Community Development, Social Inclusion, Dialogue, Participation, Action Research, Connection, Collaboration

Monday, May 31, 2010

Tribes-Internet leaders

Here's another Ted video. Seth Godin talks about the internet's revival of tribes. The internet provides people with opportunities to find like-minded others. He argues that all that's needed is a leader to connect people to create change. I'm acting as a leader of sorts in the Post Grad Group. (I of course aim for collaborative learning, so am very reluctant to refer to myself as a 'leader'. I'm only using the term to use Seth Godin's language.) I haven't stepped up to the plate fully yet. (I've kind of been hovering around it.) I am beginning to regain passion and drive for this project and am finally stepping up. (I got overwhelmed by this subject and by other commitments for a while there, and did not act.) I am using the internet, as Godin describes, to connect to people who share the same uni student status as me and are interested in meeting new people.

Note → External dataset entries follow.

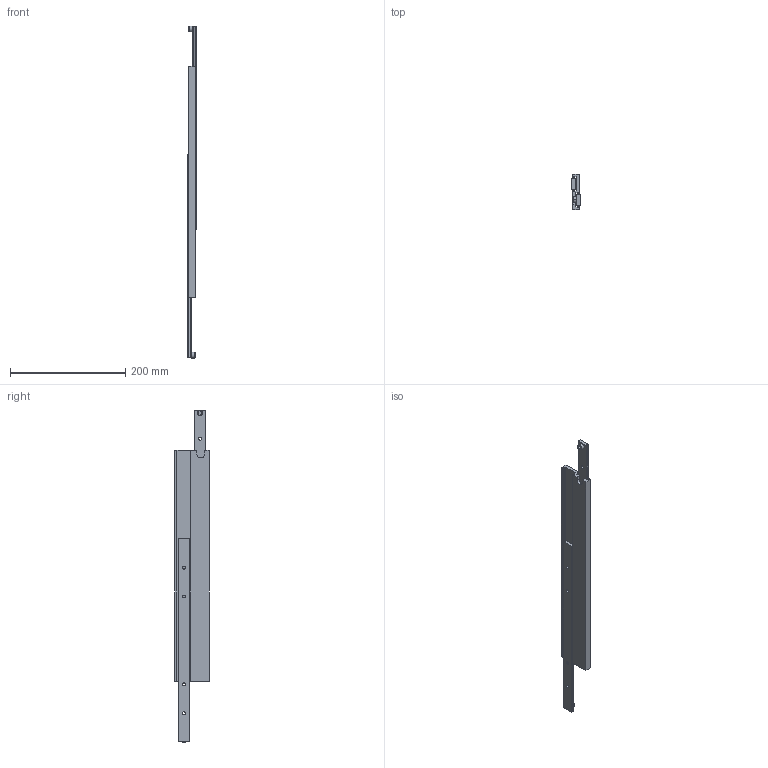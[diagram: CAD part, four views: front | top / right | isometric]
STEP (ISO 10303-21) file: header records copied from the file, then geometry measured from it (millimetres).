
FILE_DESCRIPTION (( 'STEP AP214' ), '1' );
FILE_NAME ('STR60-400.STEP', '2021-08-09T11:18:53', ( '' ), ( '' ), 'SwSTEP 2.0', 'SolidWorks 2020', '' );
FILE_SCHEMA (( 'AUTOMOTIVE_DESIGN' ));
Length unit declared in the file: millimetre
Products named in the file (3): zensko60_400; STR60-400; masko30_400
Assembly tree (3 placements, depth 2):
  STR60-400
    masko30_400  x2
    zensko60_400
Bounding box: 14 x 60 x 575.19 mm (x, y, z)
Volume: 229214.8 mm3; surface area: 109359.9 mm2
Topology: 3 solids, 3 shells, 92 faces, 244 edges, 160 vertices
Faces by surface type: plane 56, cylinder 32, torus 4
Entity records: 2077 total; most frequent: DIRECTION 347, CARTESIAN_POINT 345, ORIENTED_EDGE 334, EDGE_CURVE 167, LINE 123, VECTOR 123, AXIS2_PLACEMENT_3D 112, VERTEX_POINT 110
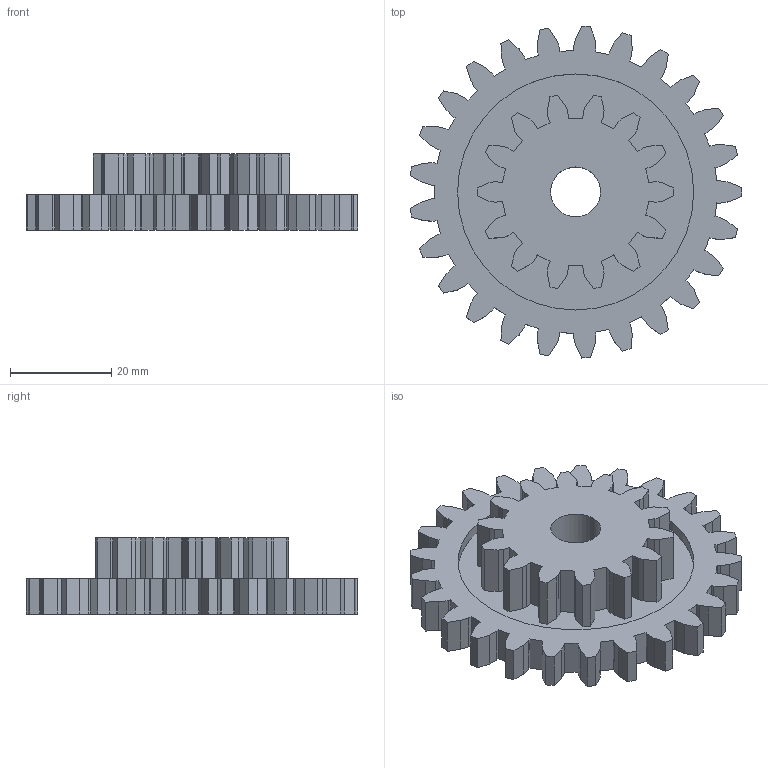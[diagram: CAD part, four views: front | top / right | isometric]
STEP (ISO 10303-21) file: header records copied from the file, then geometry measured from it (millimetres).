
FILE_DESCRIPTION (( 'STEP AP214' ), '1' );
FILE_NAME ('gears.STEP', '2016-01-06T22:21:27', ( '' ), ( '' ), 'SwSTEP 2.0', 'SolidWorks 2015', '' );
FILE_SCHEMA (( 'AUTOMOTIVE_DESIGN' ));
Length unit declared in the file: millimetre
Products named in the file (3): small gear; spurs; gears
Assembly tree (2 placements, depth 2):
  gears
    spurs
    small gear
Bounding box: 65.32 x 65.45 x 15 mm (x, y, z)
Volume: 24378.6 mm3; surface area: 12606.5 mm2
Topology: 2 solids, 2 shells, 323 faces, 954 edges, 636 vertices
Faces by surface type: plane 317, cylinder 6
Entity records: 10678 total; most frequent: CARTESIAN_POINT 1918, ORIENTED_EDGE 1908, DIRECTION 1622, EDGE_CURVE 954, VECTOR 942, LINE 942, VERTEX_POINT 636, AXIS2_PLACEMENT_3D 340

Interesting video from one of my favourite websites: ted.com.
Talks about collaboration and self-interest

Saturday, May 29, 2010

Social Animation

Jim Ife would describe they type of CD used in my project as “social animation”. This title makes me smile. Social Animation focuses on the quality of social intervention within a community. I aim to facilitate interaction between members of the UQ postgrad and mature age undergrad community. This group initial focus is social interaction, but who knows where it could lead. Consciousness raising, dialogical relationships, and critical reflective practice are important to Social Animation.

Ife, J. (2002). Community Development: community-based alternatives in an age of globalization. Frenchs Forest: Pearson Education Australia.

Friday, May 28, 2010

Learning from failure

My project has not been as successful as I had hoped. I aimed to form a group to promote social inclusion amongst postgraduate and undergraduate mature age students at UQ. My planning was inadequate. Overall, the project was to a certain degree a failure. Failure however is not the end. I’m going to learn from it! Here are some quotes on failure and my reaction to them with regards to my project:

There are no failures-just experiences and your reaction to them. Tom Krause

Rather than beating myself up over my failures, I should learn from them and move forward.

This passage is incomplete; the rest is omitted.